Approffittando di quest'area del forum dedicata alla scienza, suggerisco la lettura di questi due saggi allo scopo di rimettere un po' in discussione l'idea che la scienza dei nostri giorni si sia nata solo negli ultimi quattro o cinque secoli e che prima di Galileo nè il mondo antico ellenistico nè il mondo cristiano (due realtà importanti per gli studi a cui è dedicato questo forum) abbiano portato contributi necessari allo sviluppo scientifico.
http://tinyurl.com/393xc9uwww.liceofoscolo.it/materiale/relaz...ellenistica.htmHo dato una breve lettura ai due saggi e mi ha fatto riflettere il fatto che in fondo che buona parte della scienza sia effettivamente impregnata di una visione cristiana del mondo, in quanto ogni scienziato deve avere come premessa il ritenere che l'universo abbia un ordine razionale (come se un Dio ne avesse dato uno) che però sono da scoprire utilizzando non solo il ragionamento ma anche l'esperienza (come ha voler dire che in una visione religiosa Dio ha una volontà e poteva scegliere di creare un mondo diverso da come lo ha effettivamente creato).

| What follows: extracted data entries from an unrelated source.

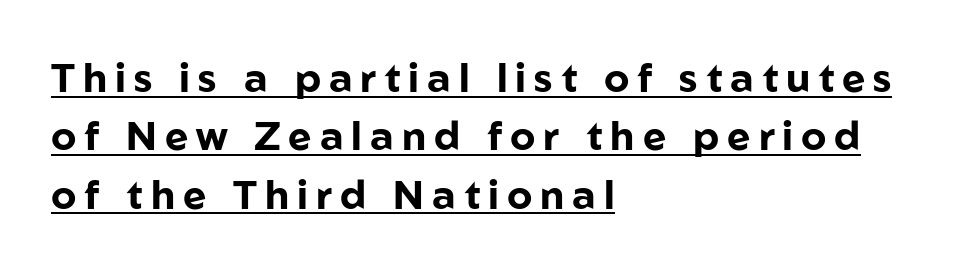
The image shows 40 px bold sans-serif type, upright; set left-aligned, normal line spacing (1.46x), unusually wide letter spacing (+0.2 em), underlined; low stroke contrast and a medium x-height.
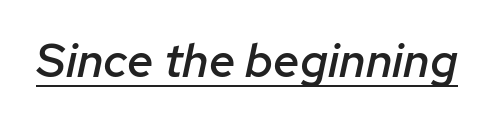
Q: Is the text bold? A: Semi-bold.
Q: Is the text italic (slanted)? A: Yes, it leans right by about 12 degrees.
Q: Is the text underlined? A: Yes.
Q: Is the spacing between letters normal or unusually wide? A: Normal.
Q: Width (condensed, normal, or wide)? A: Normal.
Q: Stroke contrast? A: Low.
Q: x-height? A: Medium.
Q: Monospaced? A: No.
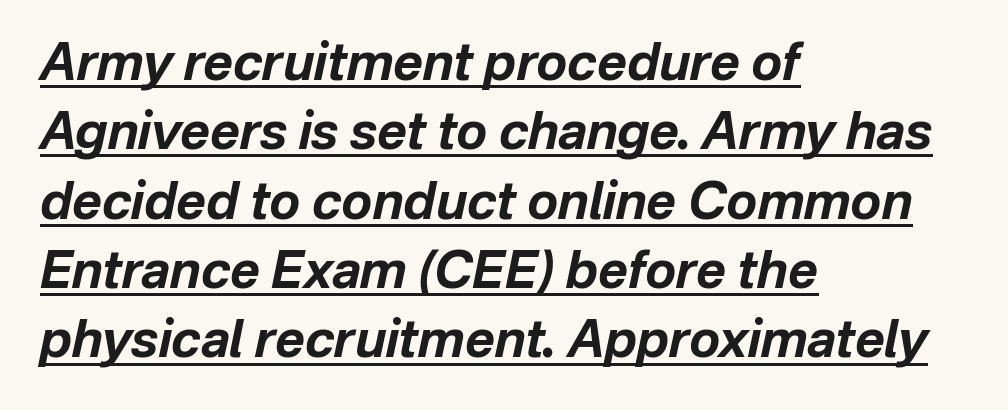
The image shows 51 px bold type, italic (leaning right); set left-aligned, normal line spacing (1.36x), normal letter spacing, underlined; low stroke contrast and a medium x-height.
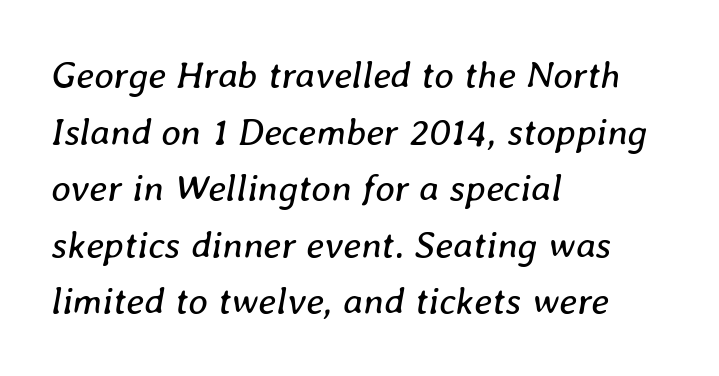
{"italic": "yes", "lean": "right", "slant_degrees": 8, "bold": "no", "weight": "regular", "width": "normal", "stroke_contrast": "low", "x_height": "medium", "monospaced": "no", "underline": "no", "align": "left", "line_spacing": "normal", "line_spacing_ratio": 1.49, "letter_spacing": "normal", "letter_spacing_em": 0.0, "glyph_px": 38}
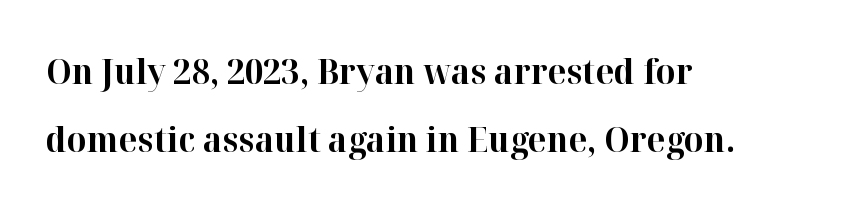
The image shows 35 px bold serif type, upright; set left-aligned, loose line spacing (1.95x), normal letter spacing, not underlined; high stroke contrast and a medium x-height.
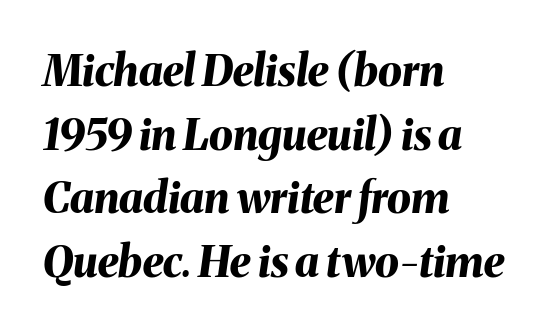
The image shows 43 px bold type, italic (leaning right); set left-aligned, normal line spacing (1.48x), normal letter spacing, not underlined; medium stroke contrast and a medium x-height.
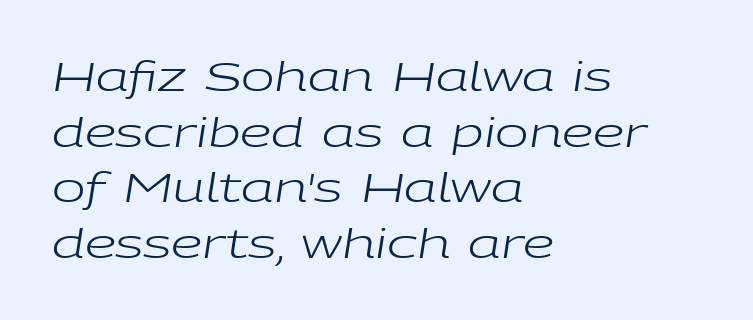
The image shows 40 px regular-weight, wide type, italic (leaning right); set left-aligned, normal line spacing (1.39x), normal letter spacing, not underlined; low stroke contrast and a medium x-height.
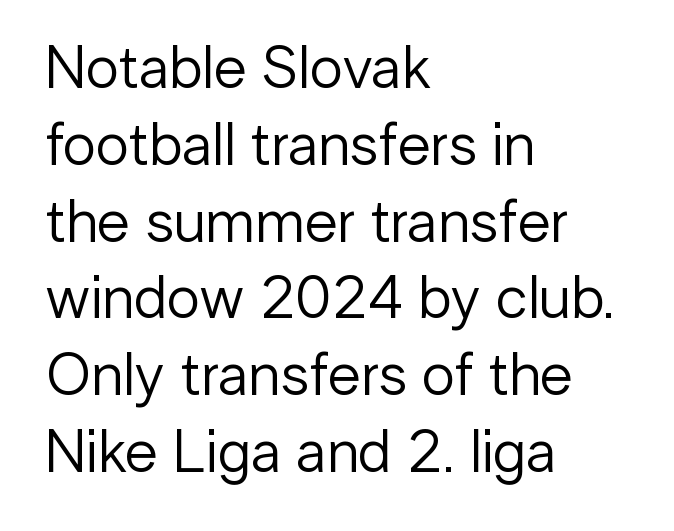
The image shows 60 px regular-weight sans-serif type, upright; set left-aligned, normal line spacing (1.28x), normal letter spacing, not underlined; low stroke contrast and a medium x-height.
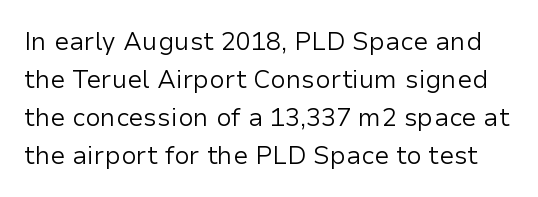
{"italic": "no", "bold": "no", "underline": "no", "line_spacing": "normal", "line_spacing_ratio": 1.52, "letter_spacing": "normal", "letter_spacing_em": 0.0, "glyph_px": 25}

Interessante anche il fatto che nell'ellenismo sorsero una scienza nel senso odierno del termine perchè avvennero contatti tra il mondo greco e le culture egizie e babilonesi, prive di uno sviluppo di pensiero filosofico ma portatrici di conoscenze tecnologiche accumulate per sola esperienza durante la loro tradizione millenaria di civiltà.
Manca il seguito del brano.